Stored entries
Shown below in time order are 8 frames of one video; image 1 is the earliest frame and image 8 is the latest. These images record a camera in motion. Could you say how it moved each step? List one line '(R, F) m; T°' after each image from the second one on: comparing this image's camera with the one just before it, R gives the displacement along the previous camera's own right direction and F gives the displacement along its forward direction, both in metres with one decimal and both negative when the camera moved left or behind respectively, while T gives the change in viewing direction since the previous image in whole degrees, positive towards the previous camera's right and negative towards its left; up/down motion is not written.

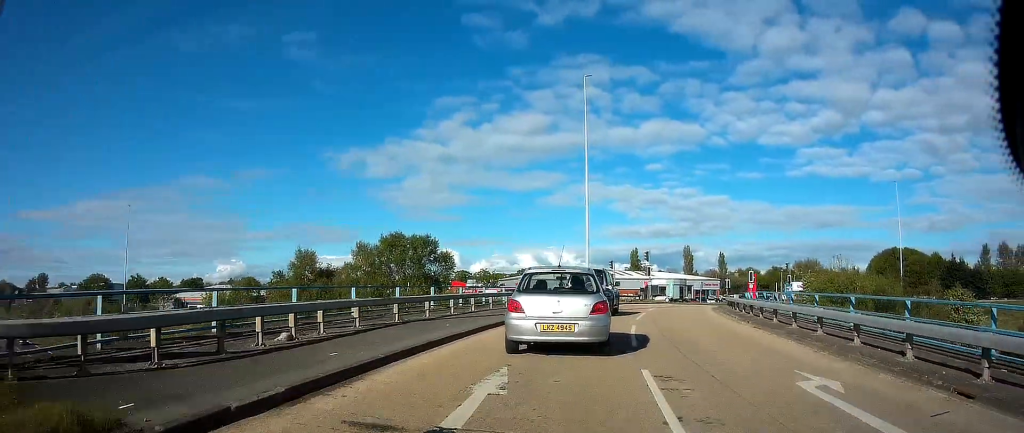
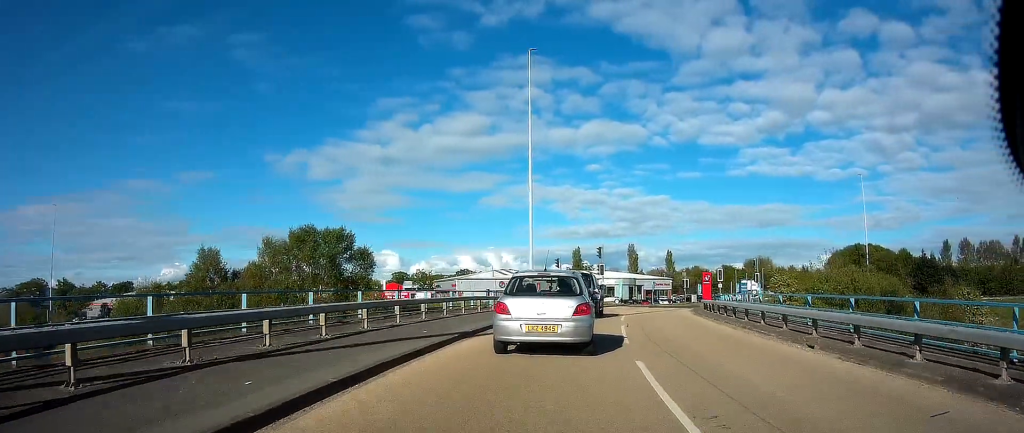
(+0.5, +8.9) m; +6°
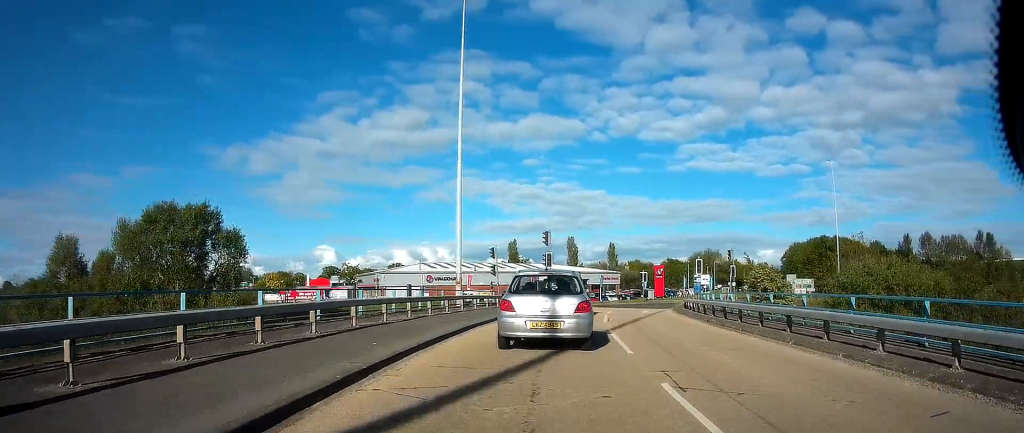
(+0.8, +12.5) m; +8°
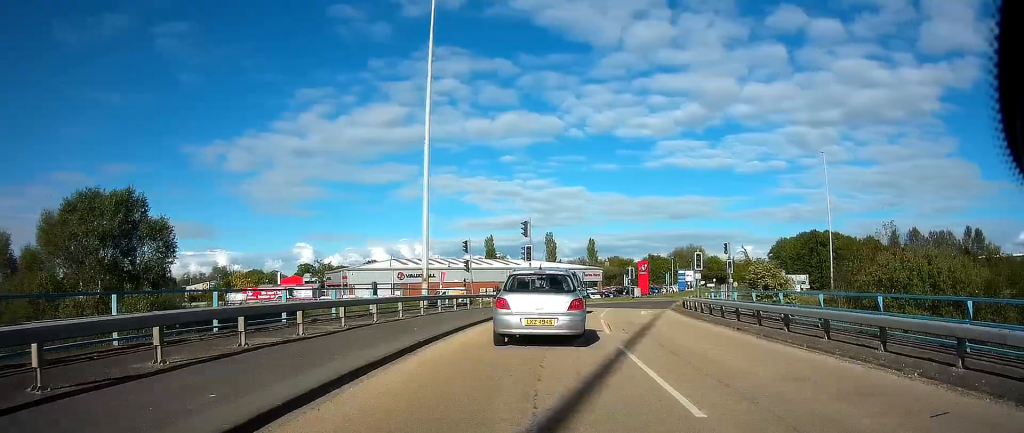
(-0.1, +5.5) m; +4°
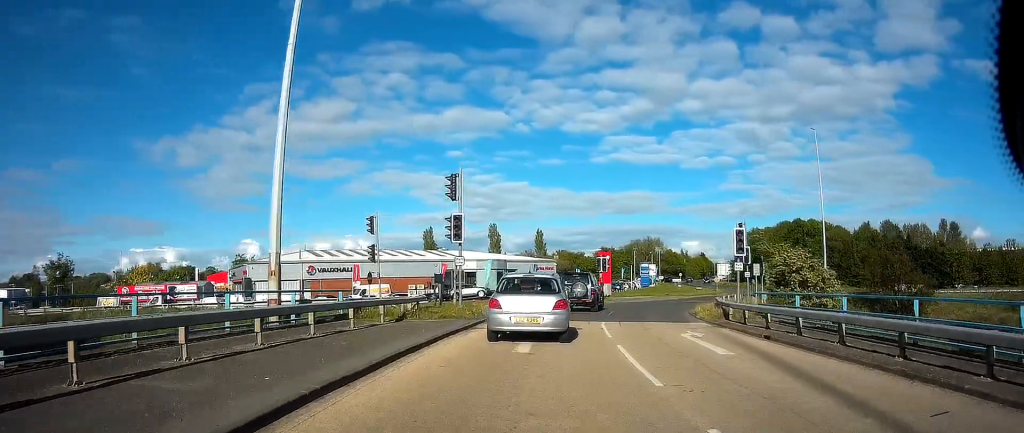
(+1.0, +17.0) m; +3°
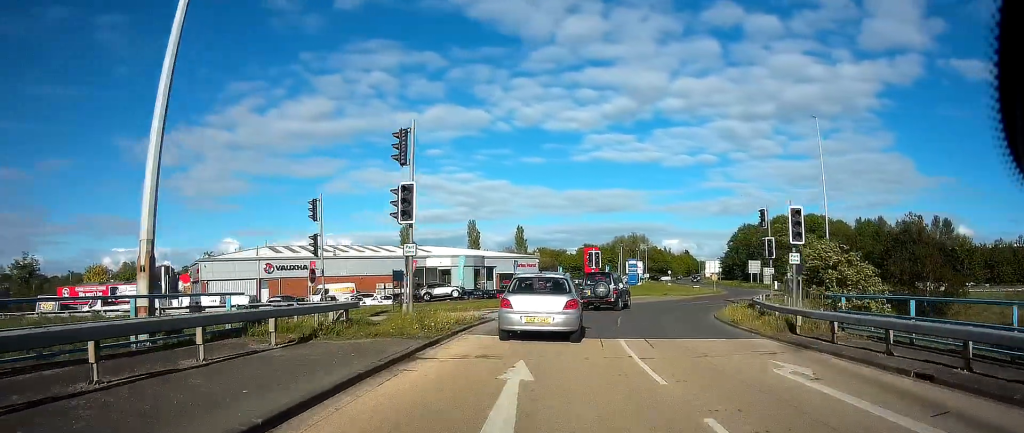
(0.0, +7.0) m; +2°
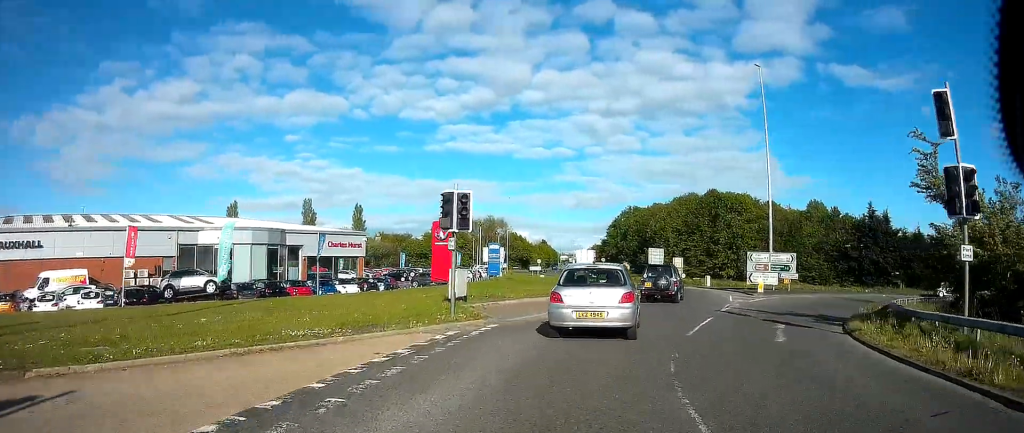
(+3.3, +23.2) m; +19°
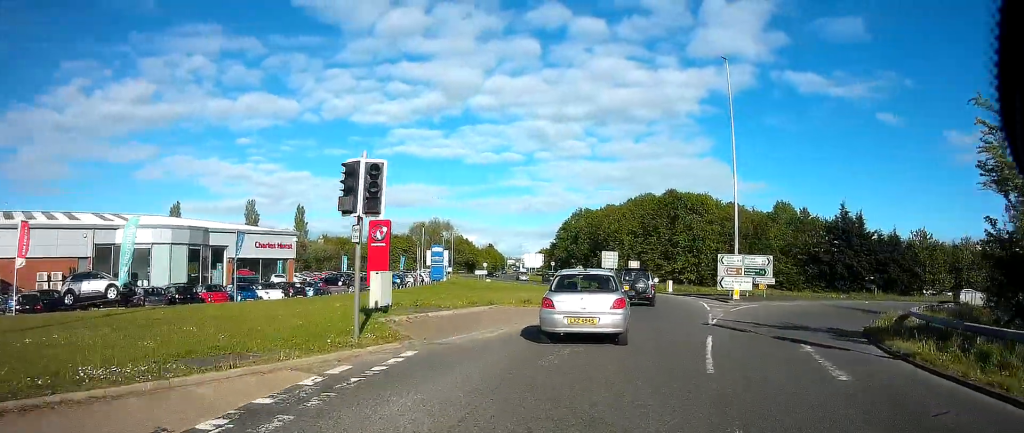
(+0.2, +4.7) m; +5°

DIRECTIONS FOR THIS TASK
Every entry above is to be repeated word for word, with all pictures omitted.

TASK ANSWER
Shown below in time order are 8 frames of one video; image 1 is the earliest frame and image 8 is the latest. These images record a camera in motion. Could you say how it moved each step? List one line '(R, F) m; T°' after each image from the second one on: comparing this image's camera with the one just before it, R gives the displacement along the previous camera's own right direction and F gives the displacement along its forward direction, both in metres with one decimal and both negative when the camera moved left or behind respectively, while T gives the change in viewing direction since the previous image in whole degrees, positive towards the previous camera's right and negative towards its left; up/down motion is not written.

(+0.5, +8.9) m; +6°
(+0.8, +12.5) m; +8°
(-0.1, +5.5) m; +4°
(+1.0, +17.0) m; +3°
(0.0, +7.0) m; +2°
(+3.3, +23.2) m; +19°
(+0.2, +4.7) m; +5°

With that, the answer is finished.